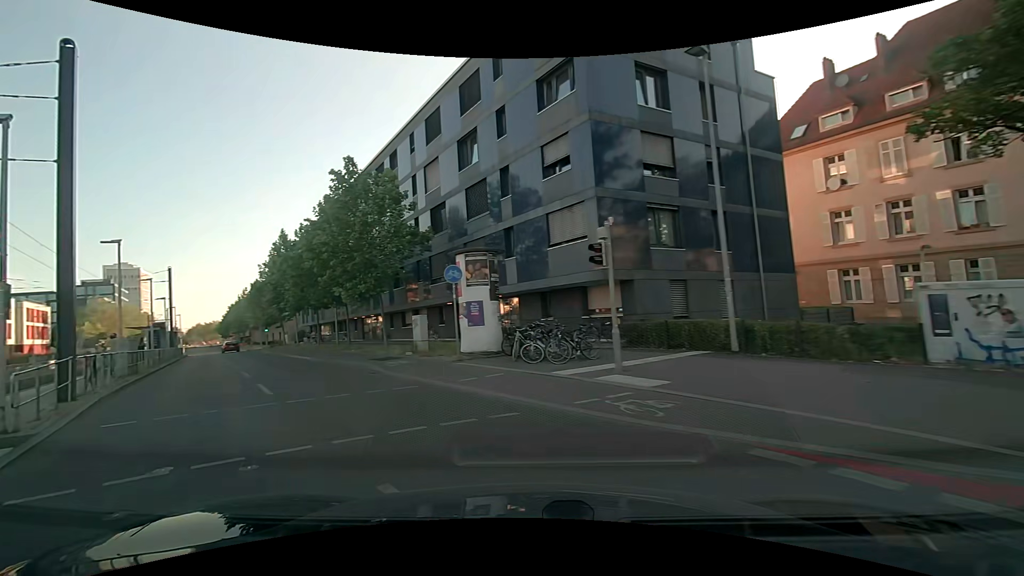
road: secondary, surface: asphalt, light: Day
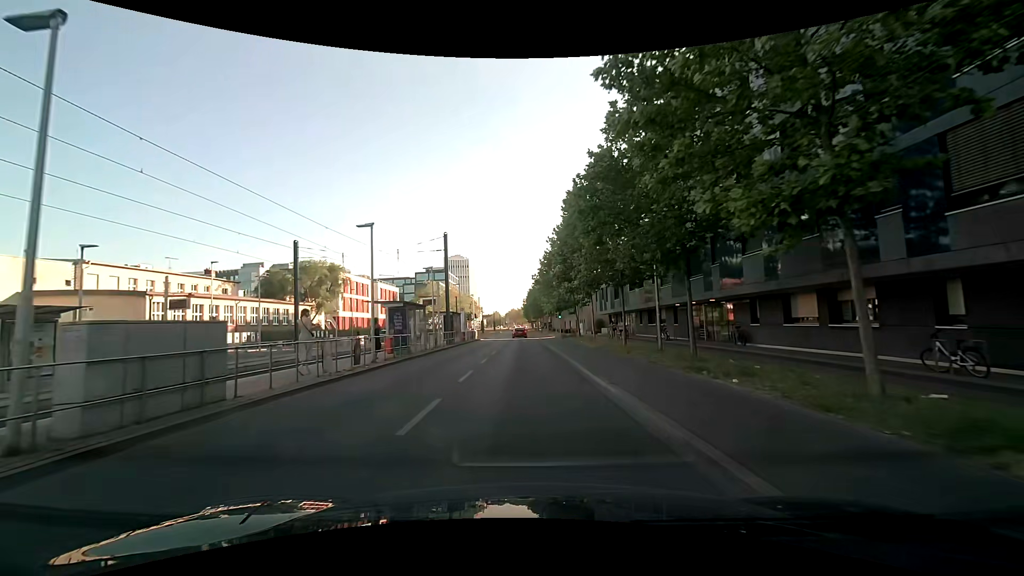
(-6.9, +17.3) m; -34°
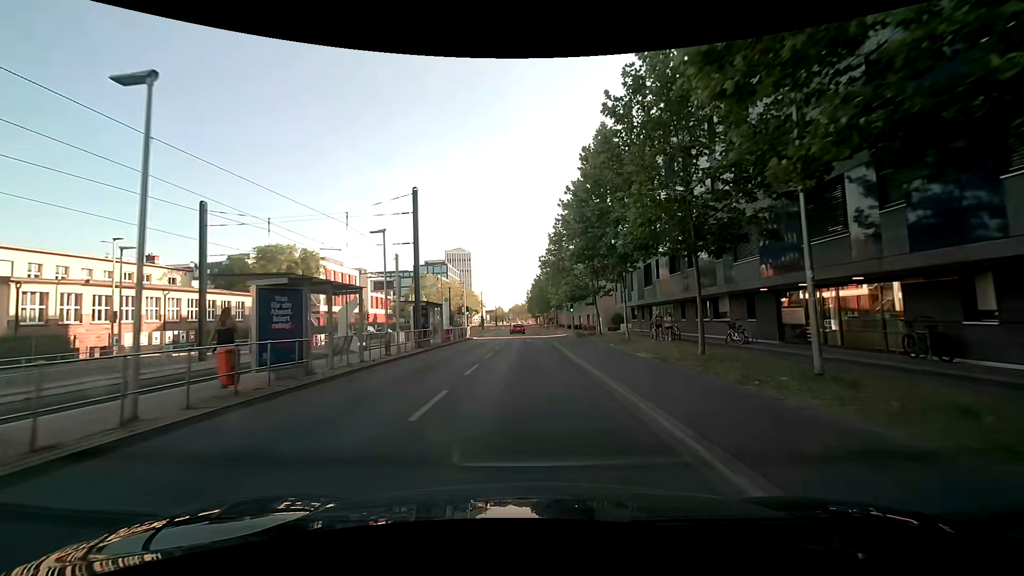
(+0.1, +11.6) m; +1°
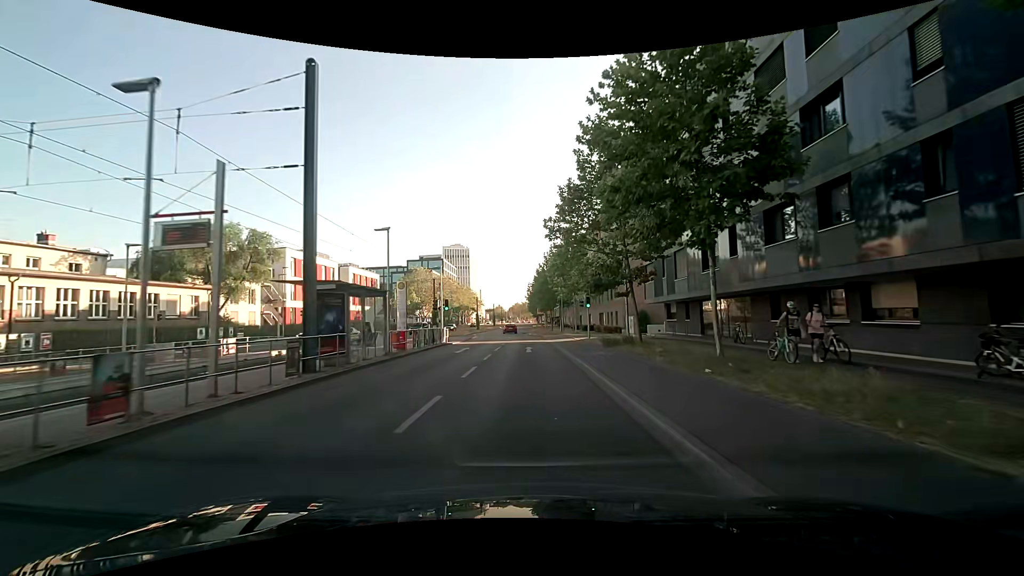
(-0.1, +13.1) m; -1°
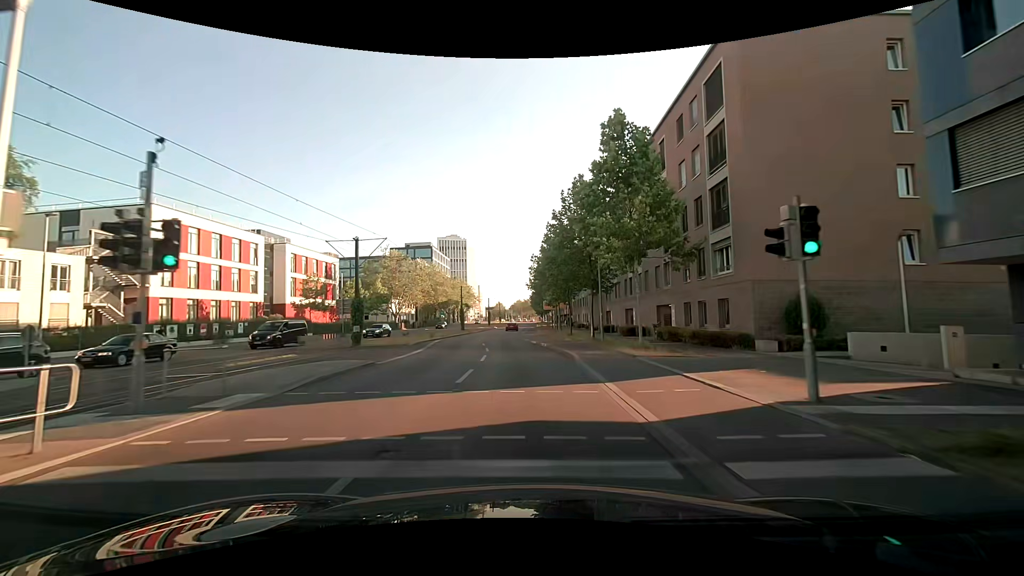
(0.0, +28.5) m; 0°
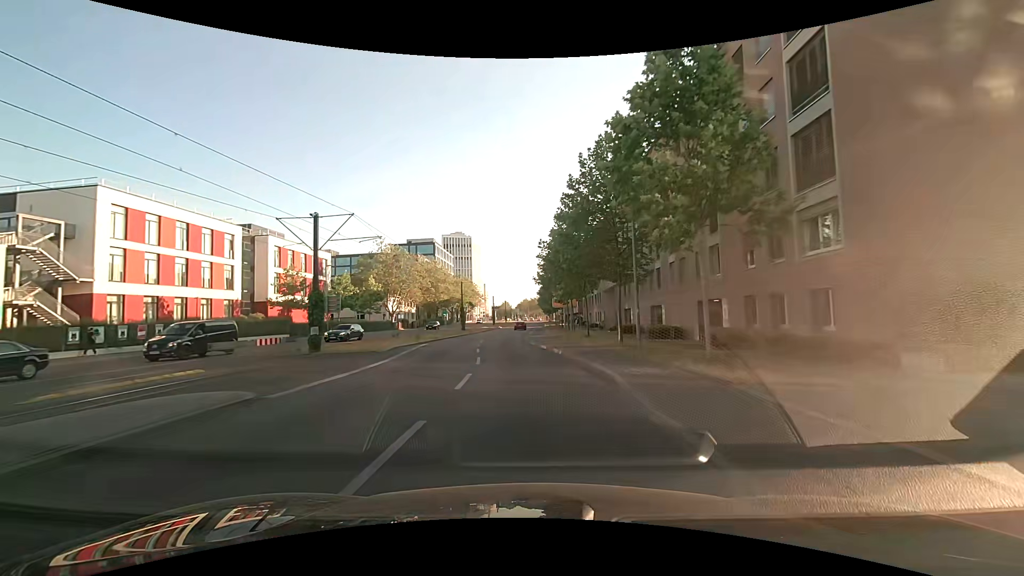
(0.0, +7.5) m; -1°
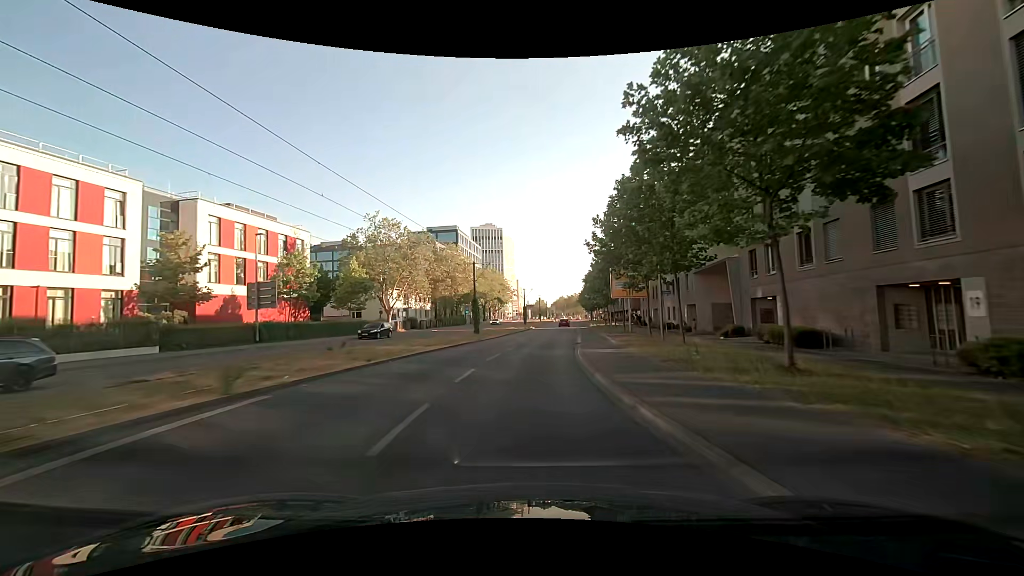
(-0.7, +23.2) m; -4°
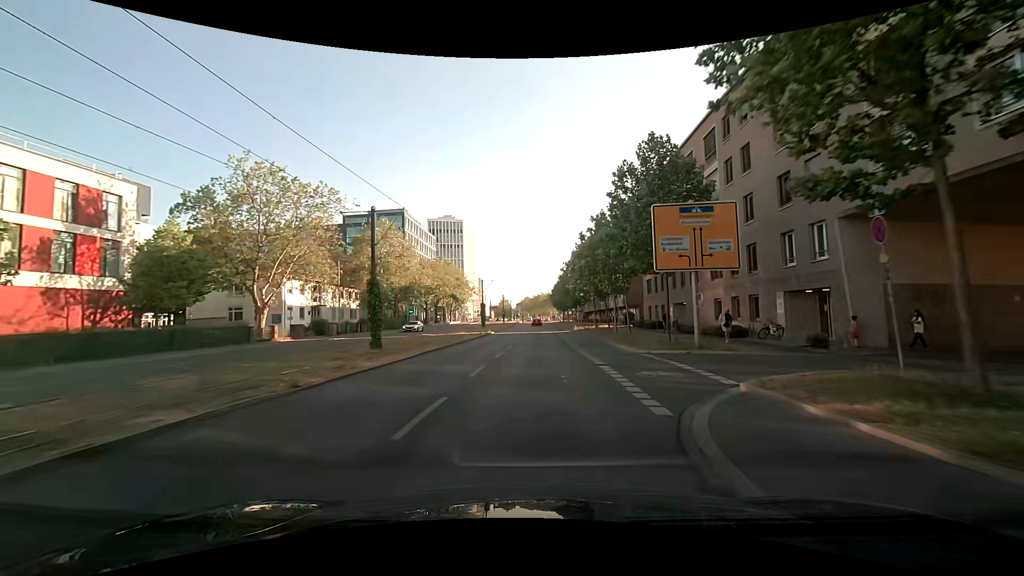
(+0.6, +23.9) m; +4°
(0, +10) (0, +20) (+1, +30) (+1, +40) (+1, +50) (+1, +60) (+1, +70) (+2, +80) (+2, +90) (+2, +100) m
----------------
Retype the listing exactly. Skip every picture.

WRITTEN SOLUTION:
road: secondary, surface: asphalt, light: Day
(-6.9, +17.3) m; -34°
(+0.1, +11.6) m; +1°
(-0.1, +13.1) m; -1°
(0.0, +28.5) m; 0°
(0.0, +7.5) m; -1°
(-0.7, +23.2) m; -4°
(+0.6, +23.9) m; +4°
(0, +10) (0, +20) (+1, +30) (+1, +40) (+1, +50) (+1, +60) (+1, +70) (+2, +80) (+2, +90) (+2, +100) m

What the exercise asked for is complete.